Provided records START

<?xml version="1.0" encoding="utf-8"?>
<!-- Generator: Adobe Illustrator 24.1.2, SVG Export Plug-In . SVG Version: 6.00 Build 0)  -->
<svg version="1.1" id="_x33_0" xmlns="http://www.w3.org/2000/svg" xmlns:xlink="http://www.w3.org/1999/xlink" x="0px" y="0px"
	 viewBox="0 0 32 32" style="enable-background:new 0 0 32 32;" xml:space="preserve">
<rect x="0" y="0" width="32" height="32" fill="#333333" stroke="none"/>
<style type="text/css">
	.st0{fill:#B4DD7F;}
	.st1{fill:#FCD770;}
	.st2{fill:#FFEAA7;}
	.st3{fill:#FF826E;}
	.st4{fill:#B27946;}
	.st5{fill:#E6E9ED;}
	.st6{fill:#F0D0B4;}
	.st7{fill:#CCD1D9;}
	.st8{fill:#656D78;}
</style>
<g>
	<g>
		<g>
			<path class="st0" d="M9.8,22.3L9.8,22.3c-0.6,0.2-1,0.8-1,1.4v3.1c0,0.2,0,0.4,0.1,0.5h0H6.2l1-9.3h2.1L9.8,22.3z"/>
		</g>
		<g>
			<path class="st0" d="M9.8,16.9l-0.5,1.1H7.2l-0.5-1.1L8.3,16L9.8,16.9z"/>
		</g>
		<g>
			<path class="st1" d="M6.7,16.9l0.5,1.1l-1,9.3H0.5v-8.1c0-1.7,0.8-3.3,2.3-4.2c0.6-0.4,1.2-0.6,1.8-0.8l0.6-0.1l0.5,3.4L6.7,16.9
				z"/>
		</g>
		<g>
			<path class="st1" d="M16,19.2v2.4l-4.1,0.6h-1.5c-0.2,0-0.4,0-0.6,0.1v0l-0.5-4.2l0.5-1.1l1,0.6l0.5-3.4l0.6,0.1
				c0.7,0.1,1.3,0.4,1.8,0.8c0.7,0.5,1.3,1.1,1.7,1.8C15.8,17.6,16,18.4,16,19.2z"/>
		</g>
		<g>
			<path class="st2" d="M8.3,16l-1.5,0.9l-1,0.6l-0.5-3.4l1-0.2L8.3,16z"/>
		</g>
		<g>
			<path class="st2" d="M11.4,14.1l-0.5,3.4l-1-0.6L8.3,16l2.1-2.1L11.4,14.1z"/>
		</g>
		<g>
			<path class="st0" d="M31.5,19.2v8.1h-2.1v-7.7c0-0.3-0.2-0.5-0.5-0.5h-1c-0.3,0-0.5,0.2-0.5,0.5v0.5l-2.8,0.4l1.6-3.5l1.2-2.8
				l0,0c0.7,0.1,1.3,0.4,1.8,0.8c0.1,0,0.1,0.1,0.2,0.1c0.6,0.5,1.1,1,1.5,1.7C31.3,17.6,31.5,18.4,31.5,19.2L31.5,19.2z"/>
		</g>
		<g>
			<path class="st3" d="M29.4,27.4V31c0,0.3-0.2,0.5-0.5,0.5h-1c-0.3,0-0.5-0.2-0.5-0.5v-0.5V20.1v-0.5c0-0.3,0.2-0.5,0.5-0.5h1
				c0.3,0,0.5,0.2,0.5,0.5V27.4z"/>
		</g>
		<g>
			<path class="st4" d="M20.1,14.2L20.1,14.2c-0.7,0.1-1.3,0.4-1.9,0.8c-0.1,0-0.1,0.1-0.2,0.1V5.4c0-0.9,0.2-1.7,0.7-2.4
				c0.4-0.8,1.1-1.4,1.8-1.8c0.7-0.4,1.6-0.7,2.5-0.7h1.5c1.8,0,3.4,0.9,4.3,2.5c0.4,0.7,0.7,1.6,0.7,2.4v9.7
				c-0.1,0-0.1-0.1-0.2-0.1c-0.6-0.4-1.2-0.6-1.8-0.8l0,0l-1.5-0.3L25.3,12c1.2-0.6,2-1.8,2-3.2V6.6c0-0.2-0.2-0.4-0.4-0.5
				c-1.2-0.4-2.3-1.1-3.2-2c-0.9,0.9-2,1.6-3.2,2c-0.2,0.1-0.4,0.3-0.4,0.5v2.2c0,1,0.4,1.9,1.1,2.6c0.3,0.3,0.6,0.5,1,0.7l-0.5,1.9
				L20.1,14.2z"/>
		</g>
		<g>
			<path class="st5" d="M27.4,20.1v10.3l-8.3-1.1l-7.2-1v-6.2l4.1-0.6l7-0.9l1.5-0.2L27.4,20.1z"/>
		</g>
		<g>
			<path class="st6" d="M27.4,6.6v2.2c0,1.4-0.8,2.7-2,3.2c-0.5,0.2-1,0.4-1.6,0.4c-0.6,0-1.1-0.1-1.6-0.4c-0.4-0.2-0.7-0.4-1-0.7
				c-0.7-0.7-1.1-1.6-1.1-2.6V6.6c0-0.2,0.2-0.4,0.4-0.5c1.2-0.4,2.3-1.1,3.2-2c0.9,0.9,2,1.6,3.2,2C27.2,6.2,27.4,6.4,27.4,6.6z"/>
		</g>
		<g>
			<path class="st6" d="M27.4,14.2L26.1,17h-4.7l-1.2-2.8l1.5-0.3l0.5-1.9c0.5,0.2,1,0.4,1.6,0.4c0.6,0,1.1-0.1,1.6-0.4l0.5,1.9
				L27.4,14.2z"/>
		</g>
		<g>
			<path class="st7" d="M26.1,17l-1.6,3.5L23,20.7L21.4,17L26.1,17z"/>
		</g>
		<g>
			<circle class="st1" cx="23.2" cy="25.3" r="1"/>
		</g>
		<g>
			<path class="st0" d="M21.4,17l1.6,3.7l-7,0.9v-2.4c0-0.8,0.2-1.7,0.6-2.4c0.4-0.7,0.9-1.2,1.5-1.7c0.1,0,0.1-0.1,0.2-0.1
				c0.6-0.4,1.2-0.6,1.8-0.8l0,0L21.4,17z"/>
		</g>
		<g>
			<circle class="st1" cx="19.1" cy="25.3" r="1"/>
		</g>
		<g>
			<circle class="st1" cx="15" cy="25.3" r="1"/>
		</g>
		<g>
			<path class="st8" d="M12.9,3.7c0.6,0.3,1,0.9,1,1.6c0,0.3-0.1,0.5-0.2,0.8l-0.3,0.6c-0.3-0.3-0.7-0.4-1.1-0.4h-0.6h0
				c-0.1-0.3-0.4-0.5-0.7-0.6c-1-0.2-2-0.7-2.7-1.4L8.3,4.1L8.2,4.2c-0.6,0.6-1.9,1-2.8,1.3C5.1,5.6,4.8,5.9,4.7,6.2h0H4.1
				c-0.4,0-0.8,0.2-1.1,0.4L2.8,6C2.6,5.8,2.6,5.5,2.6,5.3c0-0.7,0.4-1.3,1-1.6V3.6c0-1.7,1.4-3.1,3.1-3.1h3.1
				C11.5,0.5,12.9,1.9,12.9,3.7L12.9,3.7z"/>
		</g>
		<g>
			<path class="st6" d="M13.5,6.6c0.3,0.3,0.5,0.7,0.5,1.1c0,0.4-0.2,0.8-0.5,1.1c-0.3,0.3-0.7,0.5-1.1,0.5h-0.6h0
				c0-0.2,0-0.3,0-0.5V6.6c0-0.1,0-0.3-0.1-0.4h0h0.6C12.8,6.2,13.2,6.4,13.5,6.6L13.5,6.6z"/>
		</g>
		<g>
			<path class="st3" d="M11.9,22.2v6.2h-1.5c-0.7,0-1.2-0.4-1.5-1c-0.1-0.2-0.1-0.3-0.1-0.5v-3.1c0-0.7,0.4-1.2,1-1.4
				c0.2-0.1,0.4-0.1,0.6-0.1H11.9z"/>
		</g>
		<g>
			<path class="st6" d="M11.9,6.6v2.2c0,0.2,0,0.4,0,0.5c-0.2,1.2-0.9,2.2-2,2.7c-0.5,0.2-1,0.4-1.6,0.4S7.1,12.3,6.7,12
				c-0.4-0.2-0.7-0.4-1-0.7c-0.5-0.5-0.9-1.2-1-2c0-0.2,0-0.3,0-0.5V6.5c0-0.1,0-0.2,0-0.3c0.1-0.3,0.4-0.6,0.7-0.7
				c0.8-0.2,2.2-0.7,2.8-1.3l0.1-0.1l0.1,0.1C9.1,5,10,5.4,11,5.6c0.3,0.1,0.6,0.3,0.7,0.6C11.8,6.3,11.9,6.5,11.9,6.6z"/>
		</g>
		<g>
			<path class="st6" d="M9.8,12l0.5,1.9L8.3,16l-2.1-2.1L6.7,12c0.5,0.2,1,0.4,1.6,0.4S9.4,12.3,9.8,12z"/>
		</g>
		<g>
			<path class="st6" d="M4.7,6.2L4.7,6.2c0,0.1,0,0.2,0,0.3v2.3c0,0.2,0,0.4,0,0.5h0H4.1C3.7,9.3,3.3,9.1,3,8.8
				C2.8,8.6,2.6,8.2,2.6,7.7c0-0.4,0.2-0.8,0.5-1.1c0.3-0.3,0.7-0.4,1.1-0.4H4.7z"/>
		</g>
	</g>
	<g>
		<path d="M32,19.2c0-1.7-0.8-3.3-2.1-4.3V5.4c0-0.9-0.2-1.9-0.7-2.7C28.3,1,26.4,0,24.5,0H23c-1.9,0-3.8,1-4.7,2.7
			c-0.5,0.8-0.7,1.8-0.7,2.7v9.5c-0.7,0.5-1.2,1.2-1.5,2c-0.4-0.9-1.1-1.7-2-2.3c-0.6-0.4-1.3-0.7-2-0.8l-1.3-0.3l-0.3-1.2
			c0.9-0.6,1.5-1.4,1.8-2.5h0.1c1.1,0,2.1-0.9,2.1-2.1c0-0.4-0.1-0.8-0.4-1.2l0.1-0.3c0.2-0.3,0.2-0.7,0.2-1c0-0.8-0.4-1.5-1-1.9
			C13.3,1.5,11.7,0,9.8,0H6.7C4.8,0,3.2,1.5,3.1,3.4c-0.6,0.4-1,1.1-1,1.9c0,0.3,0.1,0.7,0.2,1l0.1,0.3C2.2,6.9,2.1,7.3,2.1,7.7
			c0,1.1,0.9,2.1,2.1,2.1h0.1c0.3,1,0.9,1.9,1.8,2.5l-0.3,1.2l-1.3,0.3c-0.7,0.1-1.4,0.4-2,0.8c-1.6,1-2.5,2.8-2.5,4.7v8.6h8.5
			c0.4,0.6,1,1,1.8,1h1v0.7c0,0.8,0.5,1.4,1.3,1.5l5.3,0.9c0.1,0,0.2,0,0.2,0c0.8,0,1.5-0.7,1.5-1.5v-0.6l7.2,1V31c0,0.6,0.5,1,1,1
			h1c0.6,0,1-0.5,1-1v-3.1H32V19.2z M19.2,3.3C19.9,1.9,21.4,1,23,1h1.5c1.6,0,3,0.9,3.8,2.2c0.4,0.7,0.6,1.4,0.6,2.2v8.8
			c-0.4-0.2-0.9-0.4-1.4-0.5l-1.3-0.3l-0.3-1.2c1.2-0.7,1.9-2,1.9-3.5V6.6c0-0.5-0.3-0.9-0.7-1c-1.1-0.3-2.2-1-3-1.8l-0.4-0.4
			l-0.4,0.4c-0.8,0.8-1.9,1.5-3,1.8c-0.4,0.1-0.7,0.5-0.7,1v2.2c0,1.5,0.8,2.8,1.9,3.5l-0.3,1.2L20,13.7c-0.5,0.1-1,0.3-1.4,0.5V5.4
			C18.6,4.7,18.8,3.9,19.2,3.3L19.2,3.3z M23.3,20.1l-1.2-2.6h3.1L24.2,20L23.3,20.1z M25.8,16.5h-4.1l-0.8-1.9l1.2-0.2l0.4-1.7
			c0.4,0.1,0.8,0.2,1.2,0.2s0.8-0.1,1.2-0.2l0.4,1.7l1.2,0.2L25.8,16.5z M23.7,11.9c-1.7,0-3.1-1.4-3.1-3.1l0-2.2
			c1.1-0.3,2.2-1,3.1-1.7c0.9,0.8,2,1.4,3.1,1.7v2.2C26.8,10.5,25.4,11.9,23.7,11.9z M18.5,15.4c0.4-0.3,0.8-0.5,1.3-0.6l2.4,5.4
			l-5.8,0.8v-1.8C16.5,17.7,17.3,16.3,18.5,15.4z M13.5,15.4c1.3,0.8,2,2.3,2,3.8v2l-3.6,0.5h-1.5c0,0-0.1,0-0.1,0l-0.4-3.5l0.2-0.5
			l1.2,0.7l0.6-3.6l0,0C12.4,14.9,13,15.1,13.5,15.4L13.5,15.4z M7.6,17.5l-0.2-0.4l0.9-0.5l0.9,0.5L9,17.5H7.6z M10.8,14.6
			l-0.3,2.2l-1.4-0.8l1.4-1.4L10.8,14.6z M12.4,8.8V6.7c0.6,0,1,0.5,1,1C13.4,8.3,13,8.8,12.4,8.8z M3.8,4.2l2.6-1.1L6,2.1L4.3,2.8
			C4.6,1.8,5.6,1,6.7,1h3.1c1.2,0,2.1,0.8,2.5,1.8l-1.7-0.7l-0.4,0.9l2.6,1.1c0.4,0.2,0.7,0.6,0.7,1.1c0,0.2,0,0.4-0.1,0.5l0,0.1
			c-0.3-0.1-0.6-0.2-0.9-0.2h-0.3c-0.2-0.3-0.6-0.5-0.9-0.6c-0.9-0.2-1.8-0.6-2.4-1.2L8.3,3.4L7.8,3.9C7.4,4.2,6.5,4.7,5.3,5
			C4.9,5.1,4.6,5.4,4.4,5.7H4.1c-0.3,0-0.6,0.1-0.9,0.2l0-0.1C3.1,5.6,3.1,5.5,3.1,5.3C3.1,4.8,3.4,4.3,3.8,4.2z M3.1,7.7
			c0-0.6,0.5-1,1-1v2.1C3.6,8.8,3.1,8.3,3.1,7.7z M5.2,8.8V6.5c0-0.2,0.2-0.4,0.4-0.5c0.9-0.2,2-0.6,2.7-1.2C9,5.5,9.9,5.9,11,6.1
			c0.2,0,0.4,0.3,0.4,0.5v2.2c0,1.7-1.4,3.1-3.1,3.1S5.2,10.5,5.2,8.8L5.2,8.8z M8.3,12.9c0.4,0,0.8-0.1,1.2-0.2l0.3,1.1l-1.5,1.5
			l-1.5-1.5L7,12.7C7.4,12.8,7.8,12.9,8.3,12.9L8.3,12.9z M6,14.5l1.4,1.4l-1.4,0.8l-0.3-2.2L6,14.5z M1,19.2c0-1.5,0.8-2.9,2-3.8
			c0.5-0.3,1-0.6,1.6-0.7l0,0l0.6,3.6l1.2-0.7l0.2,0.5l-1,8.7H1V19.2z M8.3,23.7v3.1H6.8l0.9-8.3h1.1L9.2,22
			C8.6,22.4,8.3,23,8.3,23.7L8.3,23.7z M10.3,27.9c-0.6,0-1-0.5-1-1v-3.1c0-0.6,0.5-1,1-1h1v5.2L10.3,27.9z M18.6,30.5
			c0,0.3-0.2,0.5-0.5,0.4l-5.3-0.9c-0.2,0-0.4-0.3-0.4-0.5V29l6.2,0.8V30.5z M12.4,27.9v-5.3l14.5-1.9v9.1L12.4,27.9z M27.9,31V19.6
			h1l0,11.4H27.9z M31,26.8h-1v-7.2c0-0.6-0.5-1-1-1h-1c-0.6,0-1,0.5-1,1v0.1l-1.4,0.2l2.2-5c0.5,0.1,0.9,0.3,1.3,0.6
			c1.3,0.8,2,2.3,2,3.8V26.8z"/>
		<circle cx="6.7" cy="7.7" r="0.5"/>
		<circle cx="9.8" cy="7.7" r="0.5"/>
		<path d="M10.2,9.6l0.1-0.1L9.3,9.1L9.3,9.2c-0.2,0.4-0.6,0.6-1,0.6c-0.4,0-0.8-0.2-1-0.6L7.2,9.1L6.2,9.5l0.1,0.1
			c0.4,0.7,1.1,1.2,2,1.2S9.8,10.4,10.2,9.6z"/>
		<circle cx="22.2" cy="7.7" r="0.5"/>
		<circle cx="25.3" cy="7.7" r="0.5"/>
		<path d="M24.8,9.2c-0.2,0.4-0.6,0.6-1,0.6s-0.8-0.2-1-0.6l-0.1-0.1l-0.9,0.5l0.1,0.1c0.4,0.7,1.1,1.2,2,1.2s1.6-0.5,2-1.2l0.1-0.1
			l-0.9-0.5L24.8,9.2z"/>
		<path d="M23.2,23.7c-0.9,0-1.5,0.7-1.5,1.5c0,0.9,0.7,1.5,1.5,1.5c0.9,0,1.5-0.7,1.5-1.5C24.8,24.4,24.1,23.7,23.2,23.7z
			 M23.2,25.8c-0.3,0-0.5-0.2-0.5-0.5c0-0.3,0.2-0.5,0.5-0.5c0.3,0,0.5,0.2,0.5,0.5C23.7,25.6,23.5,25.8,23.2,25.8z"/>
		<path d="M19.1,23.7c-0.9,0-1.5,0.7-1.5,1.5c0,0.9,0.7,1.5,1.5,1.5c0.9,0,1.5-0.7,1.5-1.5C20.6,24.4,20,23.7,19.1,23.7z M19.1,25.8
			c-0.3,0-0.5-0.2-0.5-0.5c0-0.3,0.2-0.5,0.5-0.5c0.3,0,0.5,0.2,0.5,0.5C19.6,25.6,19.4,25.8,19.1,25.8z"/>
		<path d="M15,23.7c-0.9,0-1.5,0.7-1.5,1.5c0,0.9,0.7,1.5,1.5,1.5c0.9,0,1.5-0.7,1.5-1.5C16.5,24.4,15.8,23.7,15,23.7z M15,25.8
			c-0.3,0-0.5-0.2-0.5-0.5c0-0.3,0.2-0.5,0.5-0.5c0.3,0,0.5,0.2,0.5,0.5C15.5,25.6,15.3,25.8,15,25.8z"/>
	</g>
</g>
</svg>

Provided records END

For each line above that carries the word "fill", copy it out.

Written solution ::
<rect x="0" y="0" width="32" height="32" fill="#333333" stroke="none"/>
	.st0{fill:#B4DD7F;}
	.st1{fill:#FCD770;}
	.st2{fill:#FFEAA7;}
	.st3{fill:#FF826E;}
	.st4{fill:#B27946;}
	.st5{fill:#E6E9ED;}
	.st6{fill:#F0D0B4;}
	.st7{fill:#CCD1D9;}
	.st8{fill:#656D78;}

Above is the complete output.